Emergency & Nursing Care

  • Assess airway, breathing, circulation, and start EKG monitoring and IV access promptly.
  • Administer oxygen to keep saturation >90%, pain relievers, and aspirin unless contraindicated.
  • Aspirin (81–324 mg) should be given at chest pain onset and continued daily if prescribed.
  • Reassess pain and vitals after each intervention and monitor for deterioration.
  • Prevent patient exertion; keep them at rest until chest pain resolves.

Medication Management

  • Nitroglycerin: Vasodilator for angina, given sublingually every 5 minutes for up to 3 doses; check BP before each dose.
  • Expected side effect: headache; dangerous side effect: hypotension.
  • Do not give nitroglycerin with recent use of phosphodiesterase inhibitors (e.g., sildenafil).
  • Store nitroglycerin in original, light-protective bottle; replace every 3–5 months.
  • Other meds may include transdermal nitro, beta blockers, calcium channel blockers (for vasospastic angina).

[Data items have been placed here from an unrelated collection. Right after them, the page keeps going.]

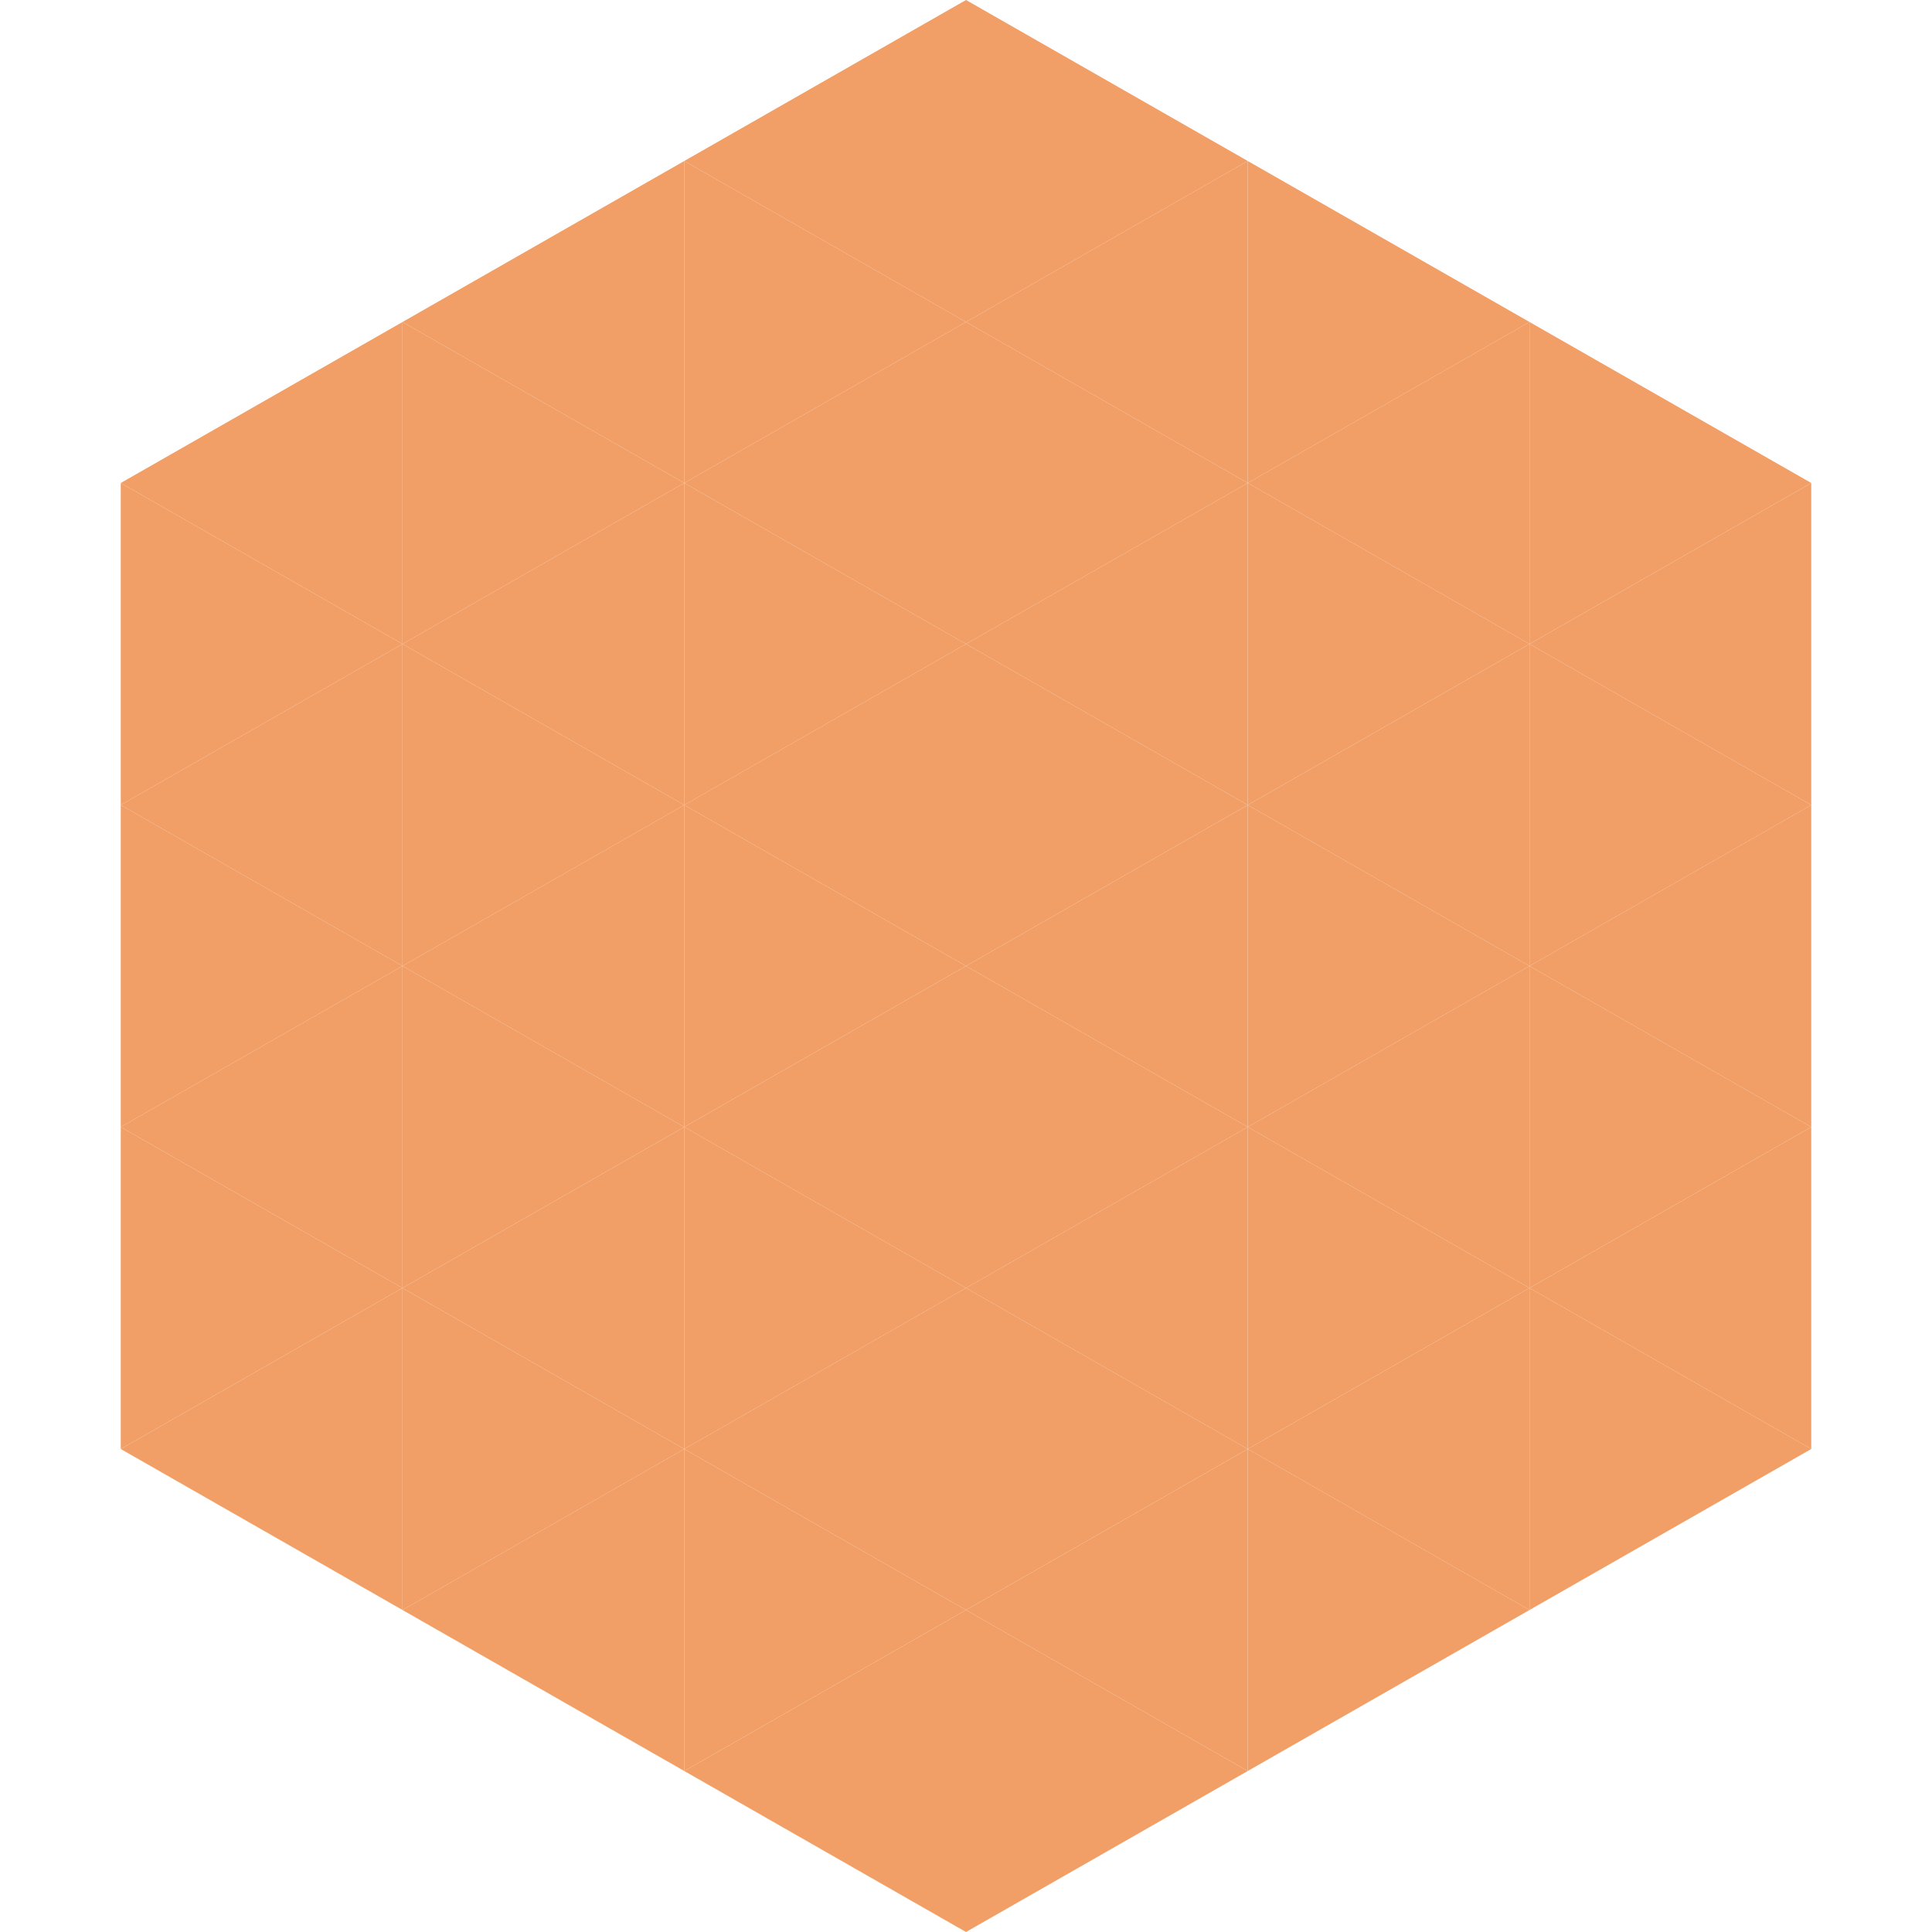 <?xml version="1.0"?>
<!-- Generated by SVGo -->
<svg width="240" height="240"
     xmlns="http://www.w3.org/2000/svg"
     xmlns:xlink="http://www.w3.org/1999/xlink">
<polygon points="50,40 15,60 50,80" style="fill:rgb(241,159,102)" />
<polygon points="190,40 225,60 190,80" style="fill:rgb(241,159,102)" />
<polygon points="15,60 50,80 15,100" style="fill:rgb(241,159,102)" />
<polygon points="225,60 190,80 225,100" style="fill:rgb(241,159,102)" />
<polygon points="50,80 15,100 50,120" style="fill:rgb(241,159,102)" />
<polygon points="190,80 225,100 190,120" style="fill:rgb(241,159,102)" />
<polygon points="15,100 50,120 15,140" style="fill:rgb(241,159,102)" />
<polygon points="225,100 190,120 225,140" style="fill:rgb(241,159,102)" />
<polygon points="50,120 15,140 50,160" style="fill:rgb(241,159,102)" />
<polygon points="190,120 225,140 190,160" style="fill:rgb(241,159,102)" />
<polygon points="15,140 50,160 15,180" style="fill:rgb(241,159,102)" />
<polygon points="225,140 190,160 225,180" style="fill:rgb(241,159,102)" />
<polygon points="50,160 15,180 50,200" style="fill:rgb(241,159,102)" />
<polygon points="190,160 225,180 190,200" style="fill:rgb(241,159,102)" />
<polygon points="15,180 50,200 15,220" style="fill:rgb(255,255,255); fill-opacity:0" />
<polygon points="225,180 190,200 225,220" style="fill:rgb(255,255,255); fill-opacity:0" />
<polygon points="50,0 85,20 50,40" style="fill:rgb(255,255,255); fill-opacity:0" />
<polygon points="190,0 155,20 190,40" style="fill:rgb(255,255,255); fill-opacity:0" />
<polygon points="85,20 50,40 85,60" style="fill:rgb(241,159,102)" />
<polygon points="155,20 190,40 155,60" style="fill:rgb(241,159,102)" />
<polygon points="50,40 85,60 50,80" style="fill:rgb(241,159,102)" />
<polygon points="190,40 155,60 190,80" style="fill:rgb(241,159,102)" />
<polygon points="85,60 50,80 85,100" style="fill:rgb(241,159,102)" />
<polygon points="155,60 190,80 155,100" style="fill:rgb(241,159,102)" />
<polygon points="50,80 85,100 50,120" style="fill:rgb(241,159,102)" />
<polygon points="190,80 155,100 190,120" style="fill:rgb(241,159,102)" />
<polygon points="85,100 50,120 85,140" style="fill:rgb(241,159,102)" />
<polygon points="155,100 190,120 155,140" style="fill:rgb(241,159,102)" />
<polygon points="50,120 85,140 50,160" style="fill:rgb(241,159,102)" />
<polygon points="190,120 155,140 190,160" style="fill:rgb(241,159,102)" />
<polygon points="85,140 50,160 85,180" style="fill:rgb(241,159,102)" />
<polygon points="155,140 190,160 155,180" style="fill:rgb(241,159,102)" />
<polygon points="50,160 85,180 50,200" style="fill:rgb(241,159,102)" />
<polygon points="190,160 155,180 190,200" style="fill:rgb(241,159,102)" />
<polygon points="85,180 50,200 85,220" style="fill:rgb(241,159,102)" />
<polygon points="155,180 190,200 155,220" style="fill:rgb(241,159,102)" />
<polygon points="120,0 85,20 120,40" style="fill:rgb(241,159,102)" />
<polygon points="120,0 155,20 120,40" style="fill:rgb(241,159,102)" />
<polygon points="85,20 120,40 85,60" style="fill:rgb(241,159,102)" />
<polygon points="155,20 120,40 155,60" style="fill:rgb(241,159,102)" />
<polygon points="120,40 85,60 120,80" style="fill:rgb(241,159,102)" />
<polygon points="120,40 155,60 120,80" style="fill:rgb(241,159,102)" />
<polygon points="85,60 120,80 85,100" style="fill:rgb(241,159,102)" />
<polygon points="155,60 120,80 155,100" style="fill:rgb(241,159,102)" />
<polygon points="120,80 85,100 120,120" style="fill:rgb(241,159,102)" />
<polygon points="120,80 155,100 120,120" style="fill:rgb(241,159,102)" />
<polygon points="85,100 120,120 85,140" style="fill:rgb(241,159,102)" />
<polygon points="155,100 120,120 155,140" style="fill:rgb(241,159,102)" />
<polygon points="120,120 85,140 120,160" style="fill:rgb(241,159,102)" />
<polygon points="120,120 155,140 120,160" style="fill:rgb(241,159,102)" />
<polygon points="85,140 120,160 85,180" style="fill:rgb(241,159,102)" />
<polygon points="155,140 120,160 155,180" style="fill:rgb(241,159,102)" />
<polygon points="120,160 85,180 120,200" style="fill:rgb(241,159,102)" />
<polygon points="120,160 155,180 120,200" style="fill:rgb(241,159,102)" />
<polygon points="85,180 120,200 85,220" style="fill:rgb(241,159,102)" />
<polygon points="155,180 120,200 155,220" style="fill:rgb(241,159,102)" />
<polygon points="120,200 85,220 120,240" style="fill:rgb(241,159,102)" />
<polygon points="120,200 155,220 120,240" style="fill:rgb(241,159,102)" />
<polygon points="85,220 120,240 85,260" style="fill:rgb(255,255,255); fill-opacity:0" />
<polygon points="155,220 120,240 155,260" style="fill:rgb(255,255,255); fill-opacity:0" />
</svg>

Additional Treatments & Tests

  • Stress test or pharmacologic stress test may be used if angina is suspected.
  • Abnormal stress test may require cardiac catheterization and possible intervention (stent, bypass).

Key Terms & Definitions

  • Angina — Chest pain due to myocardial ischemia.
  • Ischemia — Inadequate blood supply to an organ, especially the heart.
  • Infarction — Tissue death due to prolonged ischemia.
  • Stable angina — Predictable chest pain on exertion, relieved by rest.
  • Unstable angina — Unpredictable, severe chest pain, not always relieved by rest.
  • Variant angina — Chest pain from coronary artery spasm, occurs at rest.
  • Nitroglycerin — Vasodilator used to treat angina.
  • Aspirin — Antiplatelet drug given for acute chest pain and prevention.

Action Items / Next Steps

  • Review hypertension medication section for beta blockers and calcium channel blockers.
  • Prepare for NCLEX-style questions on angina types and medication teaching.
  • Always educate patients on correct nitroglycerin use and storage.
  • Monitor for and report unusual bleeding with antiplatelet therapy.